Using autoML approaches, we obtained a bespoke predictive model for the prognosis of each cancer type. NFKB2, PTK2 and TGFB1 genes were identified as single bespoke predictive biomarkers for breast, lung and renal cancers, respectively. Bespoke combinations of 10 biomarkers that maximise the predictive capacity were identified for breast cancer and combinations of 6 biomarkers for the remaining cancer types (Figure 1). Breast, lung, and renal cancer types exhibited distinct gene expression patterns and shared only two genes (ILK and EGF) between different cancer types. Interestingly, none of the identified single bespoke biomarkers were present in the bespoke combinations.

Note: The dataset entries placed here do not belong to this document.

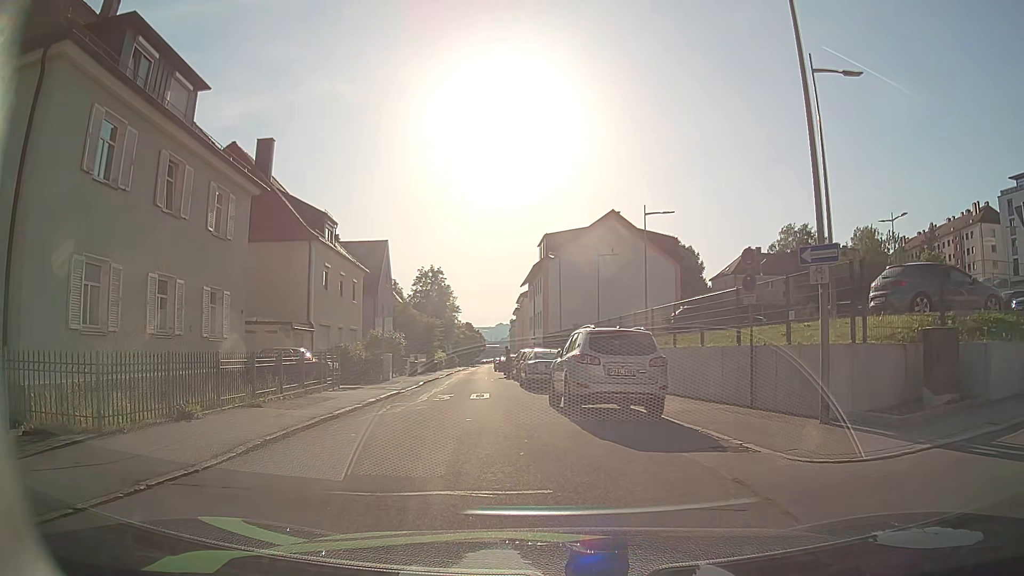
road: residential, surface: asphalt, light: Day
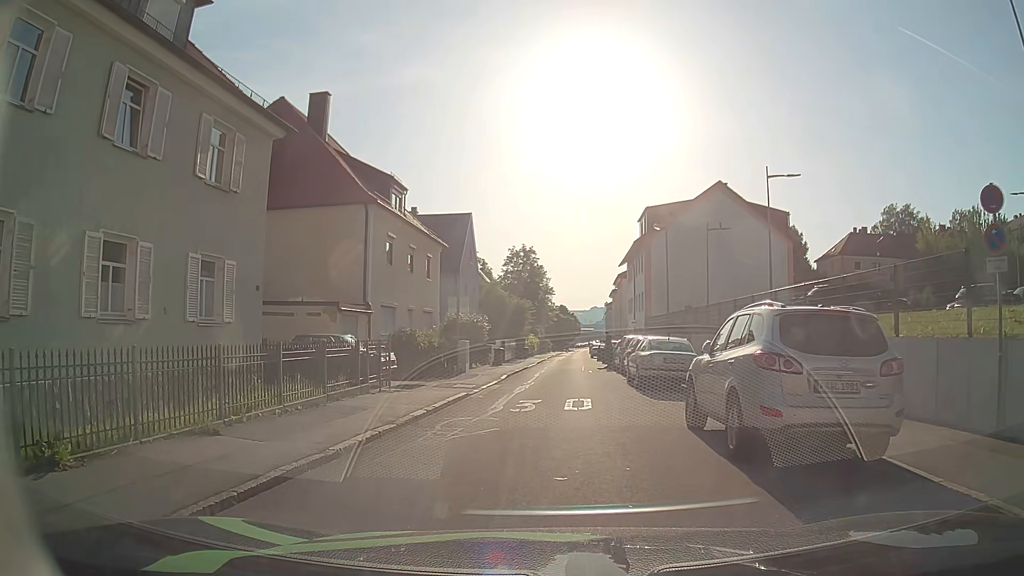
(-0.3, +5.7) m; -7°
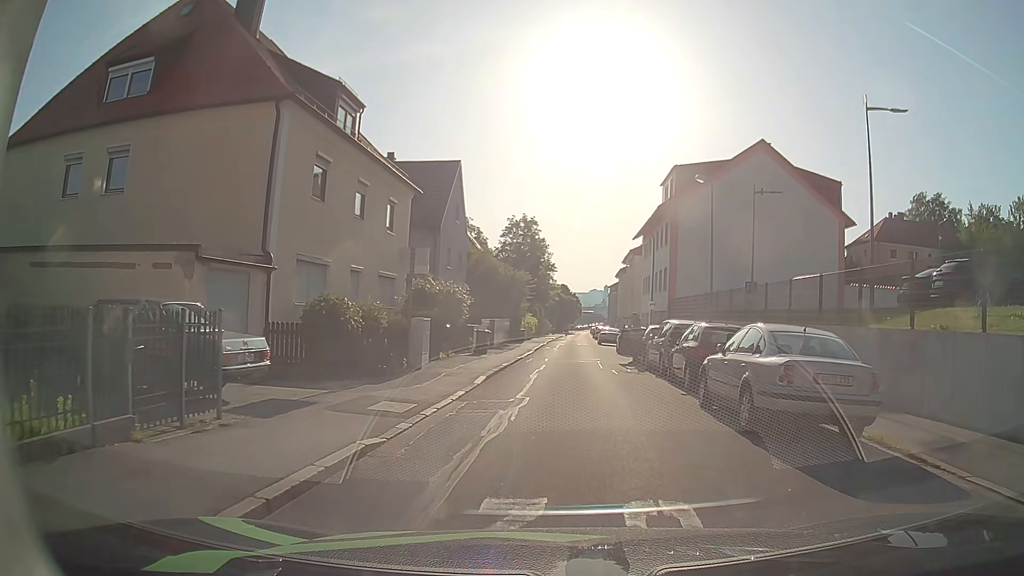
(-0.3, +9.9) m; -1°

Figure 1. Predicted single biomarkers and combinations of biomarkers identified for breast, lung and renal cancers. Gene names are indicated on the x-axis, and the normalised degree of variation between cancer survival medians and controls is represented on the y-axis. BCM1, LCM1 and RCM1 indicate the predictive combination of biomarkers for breast, lung and renal cancers, respectively. BCM2, LCM2 and RCM2 indicate the single predictive biomarkers for breast, lung and renal cancers, respectively. Gene downregulations in expression are depicted by negative numbers represented by a blue gradient scale, and up-regulations by positive numbers in a red gradient scale. Null values in white represent that the gene was not identified as a predictive biomarker.

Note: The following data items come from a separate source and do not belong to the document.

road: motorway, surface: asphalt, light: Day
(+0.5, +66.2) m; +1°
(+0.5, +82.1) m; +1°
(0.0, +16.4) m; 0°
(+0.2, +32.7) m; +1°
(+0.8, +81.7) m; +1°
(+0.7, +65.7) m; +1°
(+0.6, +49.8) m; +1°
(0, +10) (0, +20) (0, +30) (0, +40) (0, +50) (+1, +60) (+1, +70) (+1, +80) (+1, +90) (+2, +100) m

Performance evaluation of the generated predictive models (Table 1) showed substantial improvement of performance metrics (AUC, sensitivity and specificity) of models composed of combinations of biomarkers (O2Pmgen-derived) in comparison with the single biomarker approach (BMfinder-derived). Models derived by autoML using all genes (TPOT-derived) showed equivalent improvements on sensitivity but only mild improvements on the AUC and specificity.

Table 1. Performance of the models generated using different ML approaches.

4. Discussion

The results of this study underscore the potential of AI-driven approaches for identifying bespoke predictive models and clinically relevant biomarkers. Notably, we demonstrated that employing advanced modelling strategies such as O2Pmgen, which iteratively searches, evaluates, and selects optimal biomarker combinations, can lead to substantial gains in predictive performance. Across the three cancer types analysed, this approach yielded up to a 21% increase in AUC compared with both a widely used AutoML framework (TPOT) and the best-performing single-biomarker classifier.

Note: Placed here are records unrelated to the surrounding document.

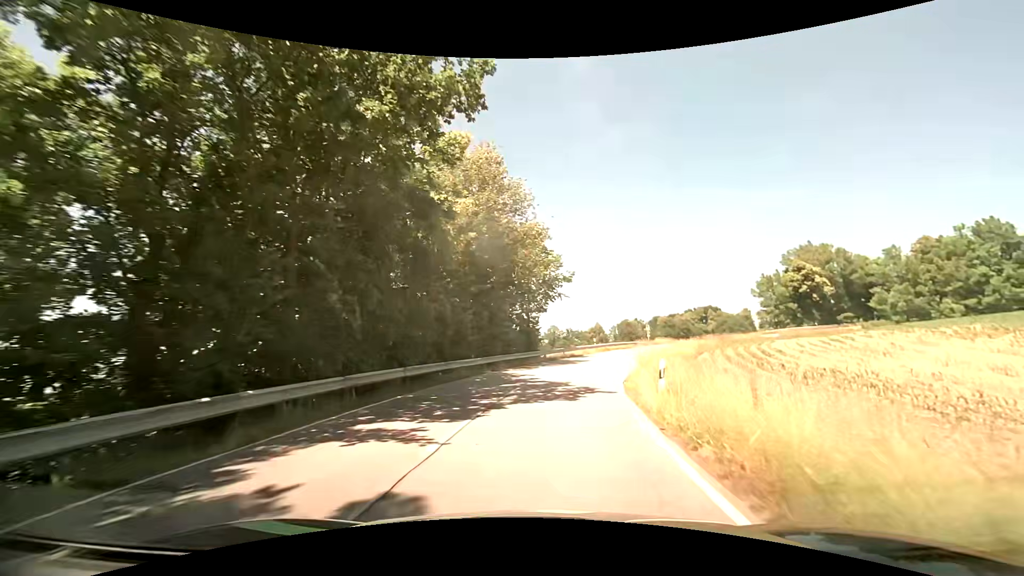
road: tertiary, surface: asphalt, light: Day
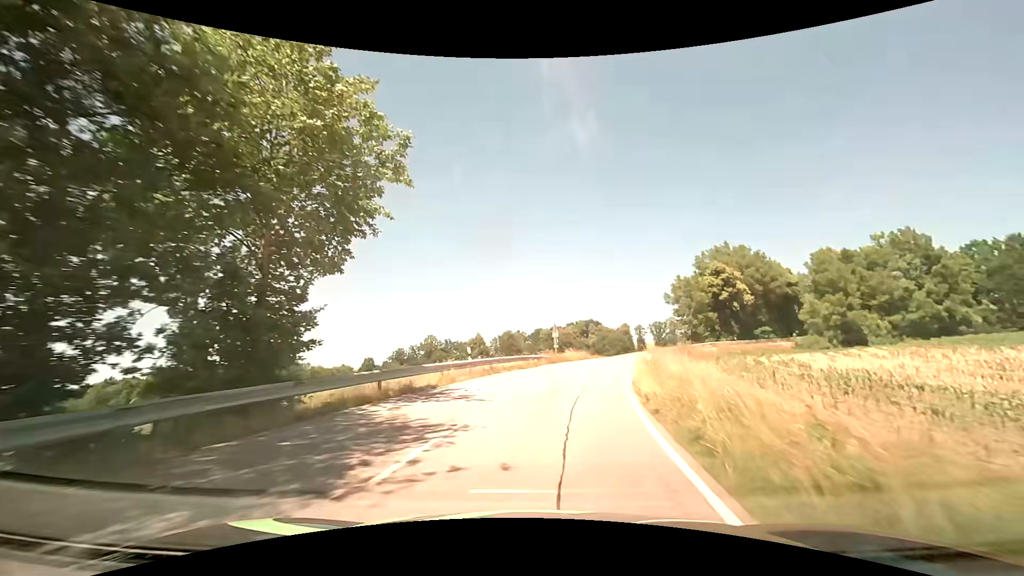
(+2.9, +24.8) m; +13°
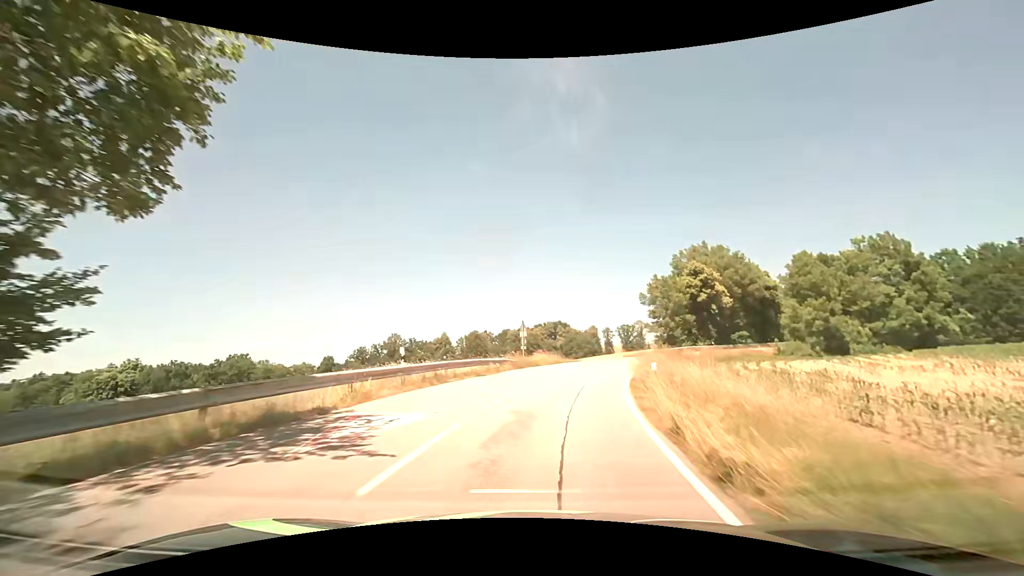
(+0.2, +6.2) m; +4°
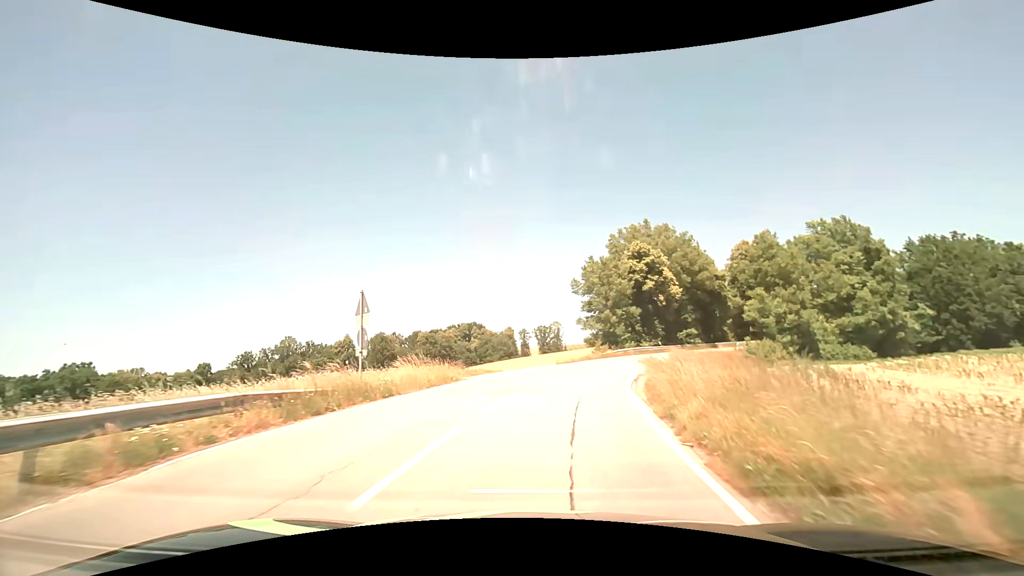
(+1.8, +18.5) m; +10°
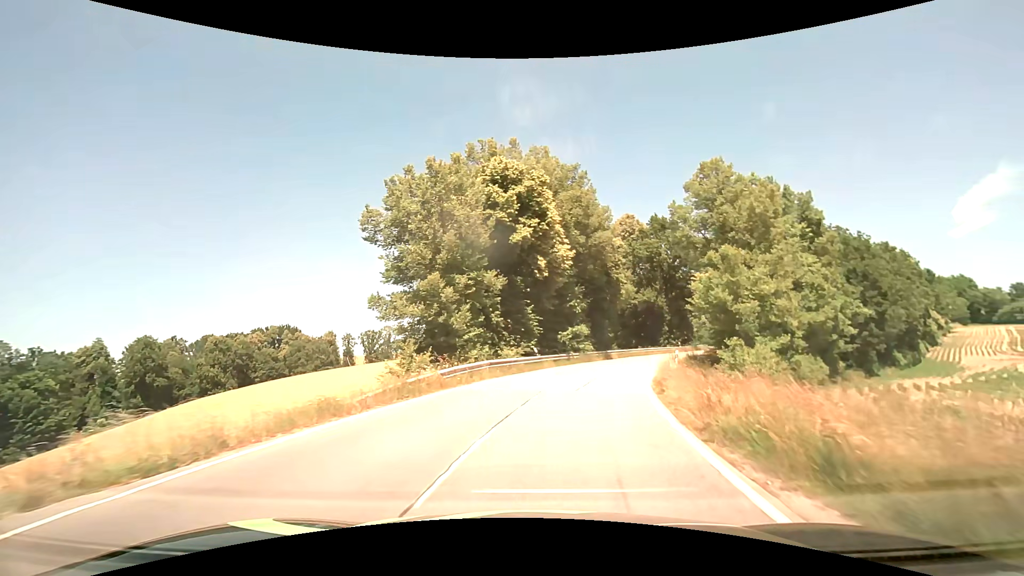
(+4.7, +30.5) m; +18°
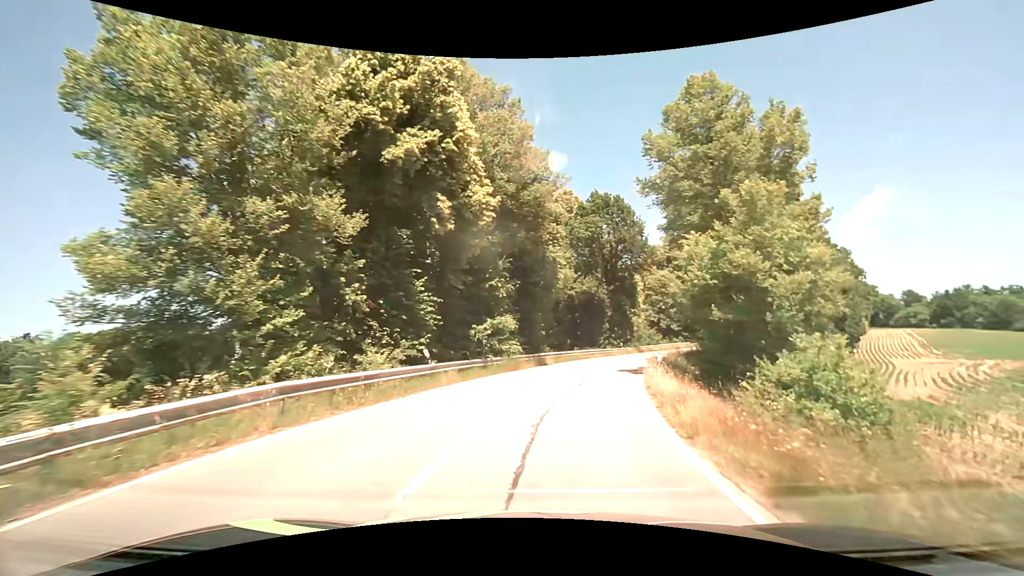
(+1.0, +12.3) m; +9°
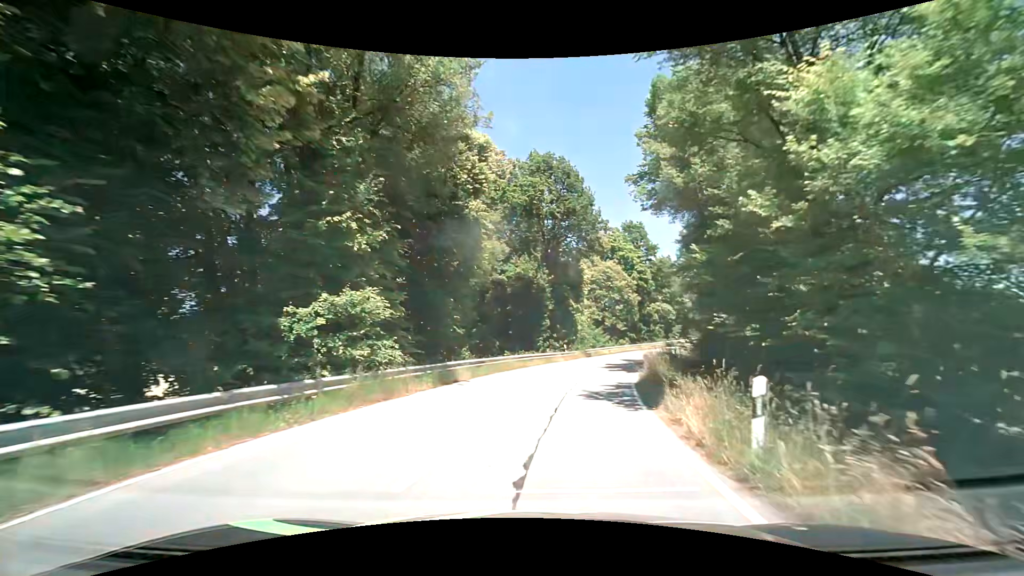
(+0.9, +12.4) m; +8°
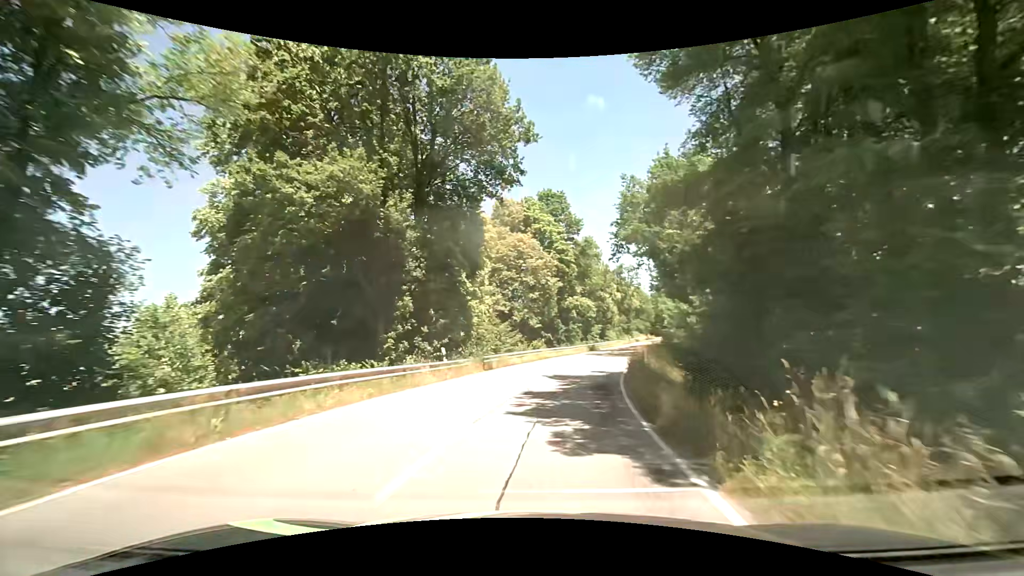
(+1.9, +18.8) m; +11°
(+1, +10) (+2, +20) (+4, +30) (+6, +39) (+9, +49) (+12, +59) (+15, +68) (+18, +78) (+21, +87) (+24, +97) m

The obtained sensitivities and specificities suggest that O2Pmgen tends to generate models with higher specificity than traditional approaches, explaining the observed gains in predictive power. These models consistently showed improved specificity relative to baseline models, often without a corresponding loss in sensitivity. The algorithm tends to prioritise specificity, potentially reducing false positive rates. In clinical contexts, this may be advantageous where the goal is to minimise overtreatment or unnecessary follow-up of patients incorrectly identified as high risk. However, such specificity could lead to under-identification of true positive cases, which may be unacceptable in settings where early detection is critical. The clinical appropriateness of this trade-off depends on the intended application and patient population.

Importantly, the predictive models generated by O2Pmgen were based on compact and biologically interpretable gene panels, offering a valuable opportunity for developing cost-effective and practical prognostic tools to support clinical decision-making in oncology. Furthermore, the selected gene combinations exhibited distinct patterns of upregulation and downregulation of signalling components specific to each cancer type, suggesting the presence of tumour-specific molecular signatures associated with favourable prognosis.

Interestingly, the expression patterns identified align with transcriptomic and signalling features characteristic of mesenchymal-like cancer cells, while being incompatible with highly invasive or metastable hybrid phenotypes [11,15]. These findings support the hypothesis that the gene panels discovered through our AI-guided approach reflect stable, less aggressive tumour states and correlate with improved clinical outcomes.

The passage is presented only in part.